### TASK PROMPT
Search term "brick": please show all lines in the listing that contain it.

'''

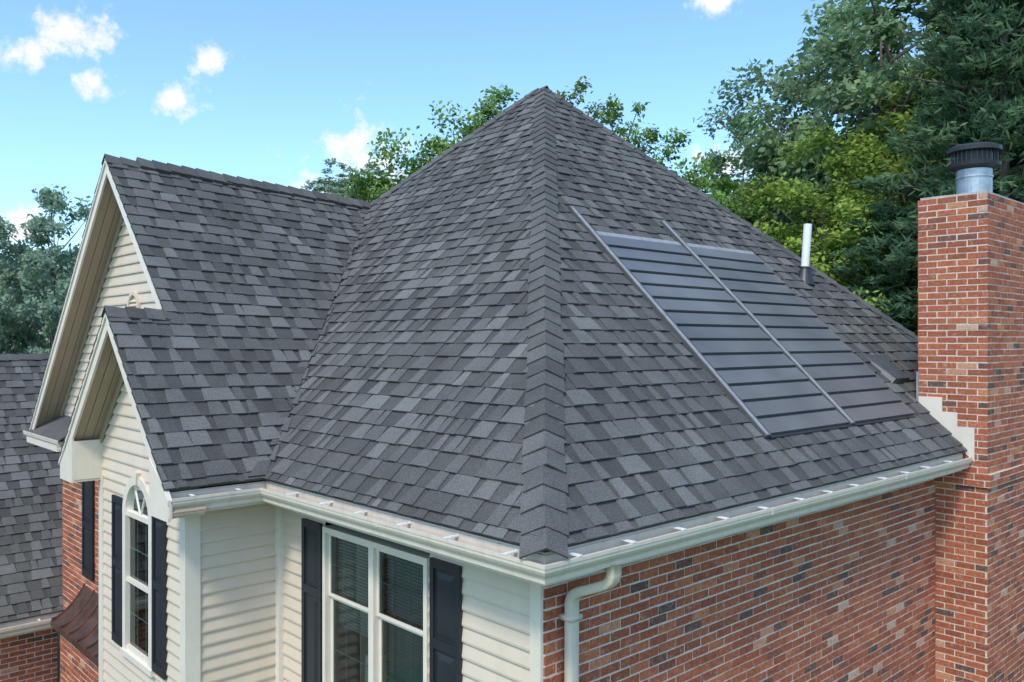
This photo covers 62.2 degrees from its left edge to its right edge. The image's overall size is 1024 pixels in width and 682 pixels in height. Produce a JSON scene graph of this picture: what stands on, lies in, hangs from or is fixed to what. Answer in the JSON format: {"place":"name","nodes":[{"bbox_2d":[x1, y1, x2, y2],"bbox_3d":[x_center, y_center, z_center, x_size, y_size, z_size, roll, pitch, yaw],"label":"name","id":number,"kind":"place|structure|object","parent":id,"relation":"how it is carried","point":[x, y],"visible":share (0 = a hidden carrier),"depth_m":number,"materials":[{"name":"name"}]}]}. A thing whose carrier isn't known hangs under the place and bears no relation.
{"place":"outdoors","nodes":[
{"label":"outdoors","id":0,"kind":"place"},
{"bbox_2d":[25,324,59,681],"bbox_3d":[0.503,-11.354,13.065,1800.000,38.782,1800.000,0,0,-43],"label":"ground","id":1,"kind":"structure","parent":0,"point":[58,657],"depth_m":20.94,"materials":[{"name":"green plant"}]},
{"bbox_2d":[0,216,38,353],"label":"deciduous tree","id":2,"kind":"object","parent":1,"relation":"on","point":[7,278],"visible":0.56,"depth_m":44.02,"materials":[{"name":"green plant"}]},
{"bbox_2d":[33,348,50,353],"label":"deciduous tree","id":3,"kind":"object","parent":1,"relation":"on","point":[47,351],"depth_m":38.58,"materials":[{"name":"green plant"}]},
{"bbox_2d":[0,184,91,353],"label":"deciduous tree","id":4,"kind":"object","parent":1,"relation":"on","point":[37,263],"visible":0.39,"depth_m":43.69,"materials":[{"name":"green plant"}]},
{"bbox_2d":[0,158,398,352],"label":"distant trees","id":5,"kind":"object","parent":1,"relation":"on","point":[332,187],"visible":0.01,"depth_m":148.83,"materials":[{"name":"green plant"}]},
{"bbox_2d":[103,478,529,681],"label":"siding walls","id":6,"kind":"structure","parent":1,"relation":"on","point":[238,591],"depth_m":9.45,"materials":[{"name":"beige plastic"}]},
{"bbox_2d":[82,481,461,681],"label":"shutters","id":7,"kind":"object","parent":6,"relation":"attached to","point":[445,621],"visible":0.85,"depth_m":9.33,"materials":[{"name":"paint"}]},
{"bbox_2d":[120,472,429,681],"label":"window frames","id":8,"kind":"structure","parent":6,"relation":"attached to","point":[140,658],"depth_m":9.10,"materials":[{"name":"white plastic"}]},
{"bbox_2d":[129,489,147,517],"bbox_3d":[-2.694,2.771,9.283,0.504,2.161,4.726,0,0,-59],"label":"window glass","id":9,"kind":"object","parent":8,"relation":"in","point":[133,507],"visible":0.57,"depth_m":10.22,"materials":[{"name":"glass"}]},
{"bbox_2d":[338,538,422,681],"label":"window blinds","id":10,"kind":"object","parent":8,"relation":"hanging from","point":[406,675],"depth_m":8.40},
{"bbox_2d":[134,484,427,681],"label":"window interiors","id":11,"kind":"object","parent":6,"relation":"attached to","point":[351,649],"depth_m":10.40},
{"bbox_2d":[99,477,543,681],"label":"corner trim","id":12,"kind":"structure","parent":6,"relation":"attached to","point":[190,598],"depth_m":9.17,"materials":[{"name":"beige plastic"}]},
{"bbox_2d":[170,453,961,585],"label":"fascia and soffit","id":13,"kind":"structure","parent":6,"relation":"on","point":[487,538],"depth_m":7.86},
{"bbox_2d":[23,431,972,584],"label":"gutters","id":14,"kind":"object","parent":13,"relation":"attached to","point":[546,569],"visible":0.9,"depth_m":7.61,"materials":[{"name":"metal"}]},
{"bbox_2d":[390,154,435,187],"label":"deciduous tree","id":15,"kind":"object","parent":1,"relation":"on","point":[426,157],"depth_m":29.99,"materials":[{"name":"green plant"}]},
{"bbox_2d":[344,96,503,202],"bbox_3d":[-1.872,-0.131,29.730,6.848,16.929,8.302,0,0,30],"label":"deciduous tree","id":16,"kind":"object","parent":1,"relation":"on","point":[359,187],"visible":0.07,"depth_m":28.89,"materials":[{"name":"green plant"}]},
{"bbox_2d":[366,83,519,195],"bbox_3d":[-0.958,-0.691,31.435,9.631,18.101,9.129,0,0,-27],"label":"deciduous tree","id":17,"kind":"object","parent":1,"relation":"on","point":[500,94],"visible":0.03,"depth_m":29.35,"materials":[{"name":"green plant"}]},
{"bbox_2d":[0,479,935,681],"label":"brick walls","id":18,"kind":"structure","parent":1,"relation":"on","point":[844,592],"depth_m":9.45,"materials":[{"name":"red brick"}]},
{"bbox_2d":[0,353,63,622],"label":"garage roof","id":19,"kind":"structure","parent":18,"relation":"on","point":[30,532],"depth_m":15.98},
{"bbox_2d":[0,611,61,637],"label":"garage gutter","id":20,"kind":"object","parent":19,"relation":"attached to","point":[22,626],"visible":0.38,"depth_m":14.44,"materials":[{"name":"white metal"}]},
{"bbox_2d":[50,583,98,667],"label":"copper bay roof","id":21,"kind":"structure","parent":18,"relation":"attached to","point":[75,623],"depth_m":13.20,"materials":[{"name":"brown metal"}]},
{"bbox_2d":[26,415,204,522],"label":"eave returns","id":22,"kind":"object","parent":18,"relation":"on","point":[81,461],"visible":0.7,"depth_m":11.02,"materials":[{"name":"wood"}]},
{"bbox_2d":[63,219,249,490],"bbox_3d":[-5.684,-0.329,12.030,0.766,4.238,7.210,0,0,-43],"label":"gable siding","id":23,"kind":"object","parent":18,"relation":"attached to","point":[124,454],"visible":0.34,"depth_m":11.98,"materials":[{"name":"beige plastic"}]},
{"bbox_2d":[29,160,206,519],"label":"rake boards","id":24,"kind":"object","parent":23,"relation":"attached to","point":[105,378],"visible":0.42,"depth_m":12.58,"materials":[{"name":"white wood"}]},
{"bbox_2d":[127,292,140,307],"bbox_3d":[-5.445,-0.425,12.218,0.060,0.570,0.480,0,0,-43],"label":"gable vent","id":25,"kind":"object","parent":23,"relation":"attached to","point":[137,304],"visible":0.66,"depth_m":12.16,"materials":[{"name":"white plastic"}]},
{"bbox_2d":[29,153,370,490],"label":"wing roof","id":26,"kind":"structure","parent":23,"relation":"attached to","point":[217,348],"depth_m":11.04,"materials":[{"name":"tile"}]},
{"bbox_2d":[558,563,621,681],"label":"downspout","id":27,"kind":"object","parent":18,"relation":"attached to","point":[571,616],"visible":0.98,"depth_m":6.75,"materials":[{"name":"metal"}]},
{"bbox_2d":[248,85,967,558],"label":"roof","id":28,"kind":"structure","parent":18,"relation":"attached to","point":[500,351],"depth_m":9.36,"materials":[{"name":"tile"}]},
{"bbox_2d":[568,206,915,438],"bbox_3d":[3.134,-0.349,11.365,3.890,2.816,2.908,0,0,-43],"label":"solar panel array","id":29,"kind":"object","parent":28,"relation":"on","point":[758,330],"visible":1,"depth_m":10.93,"materials":[{"name":"grey glass"}]},
{"bbox_2d":[798,224,814,284],"bbox_3d":[4.807,-1.364,13.899,0.360,1.100,0.360,5,-2,-43],"label":"roof vent pipe","id":30,"kind":"object","parent":28,"relation":"attached to","point":[804,274],"visible":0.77,"depth_m":13.84,"materials":[{"name":"plastic"}]},
{"bbox_2d":[864,355,909,383],"bbox_3d":[5.534,0.408,12.519,0.600,0.405,0.449,0,0,-43],"label":"roof box vent","id":31,"kind":"object","parent":28,"relation":"on","point":[890,371],"visible":1,"depth_m":12.43,"materials":[{"name":"metal"}]},
{"bbox_2d":[555,76,662,162],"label":"deciduous tree","id":32,"kind":"object","parent":1,"relation":"on","point":[583,87],"visible":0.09,"depth_m":29.61,"materials":[{"name":"green plant"}]},
{"bbox_2d":[596,101,680,176],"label":"deciduous tree","id":33,"kind":"object","parent":1,"relation":"on","point":[654,134],"visible":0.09,"depth_m":30.76,"materials":[{"name":"green plant"}]},
{"bbox_2d":[617,119,745,215],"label":"deciduous tree","id":34,"kind":"object","parent":1,"relation":"on","point":[708,173],"visible":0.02,"depth_m":29.90,"materials":[{"name":"green plant"}]},
{"bbox_2d":[639,126,788,242],"bbox_3d":[6.444,0.308,30.755,8.131,16.046,7.707,0,0,-13],"label":"deciduous tree","id":35,"kind":"object","parent":1,"relation":"on","point":[727,183],"visible":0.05,"depth_m":30.07,"materials":[{"name":"green plant"}]},
{"bbox_2d":[691,100,823,256],"bbox_3d":[11.269,-1.012,37.406,9.342,19.210,9.562,0,0,19],"label":"deciduous tree","id":36,"kind":"object","parent":1,"relation":"on","point":[719,161],"visible":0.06,"depth_m":36.61,"materials":[{"name":"green plant"}]},
{"bbox_2d":[710,150,822,217],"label":"deciduous tree","id":37,"kind":"object","parent":1,"relation":"on","point":[741,173],"depth_m":37.57,"materials":[{"name":"green plant"}]},
{"bbox_2d":[728,152,908,292],"bbox_3d":[10.630,0.631,31.467,10.422,15.457,8.597,0,0,11],"label":"deciduous tree","id":38,"kind":"object","parent":1,"relation":"on","point":[749,191],"visible":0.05,"depth_m":31.32,"materials":[{"name":"green plant"}]},
{"bbox_2d":[708,17,929,279],"bbox_3d":[13.426,-1.790,34.352,10.932,20.806,10.681,0,0,-6],"label":"deciduous tree","id":39,"kind":"object","parent":1,"relation":"on","point":[760,162],"visible":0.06,"depth_m":32.16,"materials":[{"name":"green plant"}]},
{"bbox_2d":[773,181,917,331],"bbox_3d":[10.046,1.702,26.024,7.308,13.133,7.927,0,0,-28],"label":"deciduous tree","id":40,"kind":"object","parent":1,"relation":"on","point":[795,240],"visible":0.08,"depth_m":25.13,"materials":[{"name":"green plant"}]},
{"bbox_2d":[725,0,985,284],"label":"deciduous tree","id":41,"kind":"object","parent":1,"relation":"on","point":[838,96],"visible":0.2,"depth_m":29.34,"materials":[{"name":"green plant"}]},
{"bbox_2d":[742,0,998,226],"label":"deciduous tree","id":42,"kind":"object","parent":1,"relation":"on","point":[810,29],"visible":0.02,"depth_m":34.20,"materials":[{"name":"green plant"}]},
{"bbox_2d":[825,199,917,333],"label":"pine tree","id":43,"kind":"object","parent":1,"relation":"on","point":[879,276],"visible":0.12,"depth_m":22.90,"materials":[{"name":"green plant"}]},
{"bbox_2d":[750,96,1013,292],"bbox_3d":[11.992,0.441,26.747,8.030,15.874,8.710,0,0,38],"label":"deciduous tree","id":44,"kind":"object","parent":1,"relation":"on","point":[874,154],"visible":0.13,"depth_m":25.98,"materials":[{"name":"green plant"}]},
{"bbox_2d":[846,0,1012,262],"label":"deciduous tree","id":45,"kind":"object","parent":1,"relation":"on","point":[895,10],"visible":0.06,"depth_m":30.05,"materials":[{"name":"green plant"}]},
{"bbox_2d":[850,0,1023,335],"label":"pine tree","id":46,"kind":"object","parent":1,"relation":"on","point":[962,59],"visible":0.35,"depth_m":22.07,"materials":[{"name":"green plant"}]},
{"bbox_2d":[872,5,1023,316],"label":"pine tree","id":47,"kind":"object","parent":1,"relation":"on","point":[925,114],"visible":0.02,"depth_m":23.17,"materials":[{"name":"green plant"}]},
{"bbox_2d":[0,0,1000,265],"label":"sky","id":48,"kind":"structure","parent":0,"point":[270,91],"materials":[{"name":"blue"}]},
{"bbox_2d":[916,142,1023,681],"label":"brick chimney","id":49,"kind":"object","parent":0,"point":[970,385],"visible":0.95,"depth_m":11.84,"materials":[{"name":"red brick"}]}
]}

'''

### EXERCISE ANSWER
{"bbox_2d":[0,479,935,681],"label":"brick walls","id":18,"kind":"structure","parent":1,"relation":"on","point":[844,592],"depth_m":9.45,"materials":[{"name":"red brick"}]},
{"bbox_2d":[916,142,1023,681],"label":"brick chimney","id":49,"kind":"object","parent":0,"point":[970,385],"visible":0.95,"depth_m":11.84,"materials":[{"name":"red brick"}]}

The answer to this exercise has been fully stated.